Mississippi Free Press
- Website type: Nonprofit online newsroom
- Available in: English
- Headquarters: Jackson, Mississippi
- Owners: Mississippi Journalism and Education Group
- Founders: Kimberly Griffin, Donna Ladd
- Editor: Donna Ladd
- CEO: Donna Ladd
- Website: www.mississippifreepress.org
- Launched: March 2020; 6 years ago

= Mississippi Free Press =

Mississippi nonprofit newsroom

The Mississippi Free Press is a nonprofit online newsroom headquartered in Jackson, Mississippi. Founded in March 2020 by Kimberly Griffin and Donna Ladd, the newsroom engages in statewide public interest reporting and solutions journalism. In May 2022, its parent organization, the Mississippi Journalism and Education Group, purchased the assets of the Jackson Free Press.

== History ==
The Mississippi Free Press was founded in March 2020 by Kimberly Griffin and Donna Ladd, who met working at the Jackson Free Press, of which Ladd is a cofounder. The pair recruited the JFP editor Ashton Pittman. While Griffin and Ladd did not plan to launch in 2020, the COVID-19 pandemic and its impact on Mississippi encouraged them to launch. The newsroom has steadily grown in size since its launch.

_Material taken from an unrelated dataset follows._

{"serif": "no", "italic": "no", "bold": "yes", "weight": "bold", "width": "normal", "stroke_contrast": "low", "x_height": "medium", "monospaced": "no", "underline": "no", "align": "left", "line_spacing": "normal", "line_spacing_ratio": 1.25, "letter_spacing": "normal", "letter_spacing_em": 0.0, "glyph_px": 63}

In May 2022, the Mississippi Journalism and Education Group, the newsroom's parent organization, acquired the assets of the Jackson Free Press, including its physical offices, archives, and name.

== Content ==
The Mississippi Free Press covers a variety of topics centered around systemic inequalities, such as race, education, voting rights, water access, and politics. It aims to examine the historic causes and systemic issues facing Mississippians as well as partake in solutions journalism for these issues.

== Organization ==
The Mississippi Free Press is a nonprofit journalism organization and a member of the Institute for Nonprofit News and the Association of Alternative Newsmedia. The newsroom has received grants and funding from the American Press Institute, Black Voters Matter Fund, Democracy Fund, Walton Family Foundation, InAsMuch Foundation, Knight Foundation, MacArthur Foundation, Mississippi Humanities Council, Andrew W. Mellon Foundation, ProPublica, Report for America, Solutions Journalism Network, Hewlett Foundation, W. K. Kellogg Foundation, and other organizations. It has also received funding from Facebook, Microsoft, and Google with their respective journalism programs.

The newsroom is headquartered in Jackson, Mississippi. The Poynter Institute considered its staff one of the most diverse news organizations in the state and awarded the organization for its diversity.

== Awards ==
The newsroom has received a number of awards for its reporting. It has received several Green Eyeshade and Diamond awards from the Society of Professional Journalists. It is the winner of several awards from the Institute for Nonprofit News. It was the recipient of the 2023 Izzy Award. The newsroom received an award from Report for America. The Association of Alternative Newsmedia awarded the newsroom for several stories.

Ashton Pittman and Donna Ladd were finalists for the Ancil Payne Award for Ethics in Journalism in 2021. The Mississippi Business Journal has awarded Donna Ladd and Kimberly Griffin several awards for their business acumen.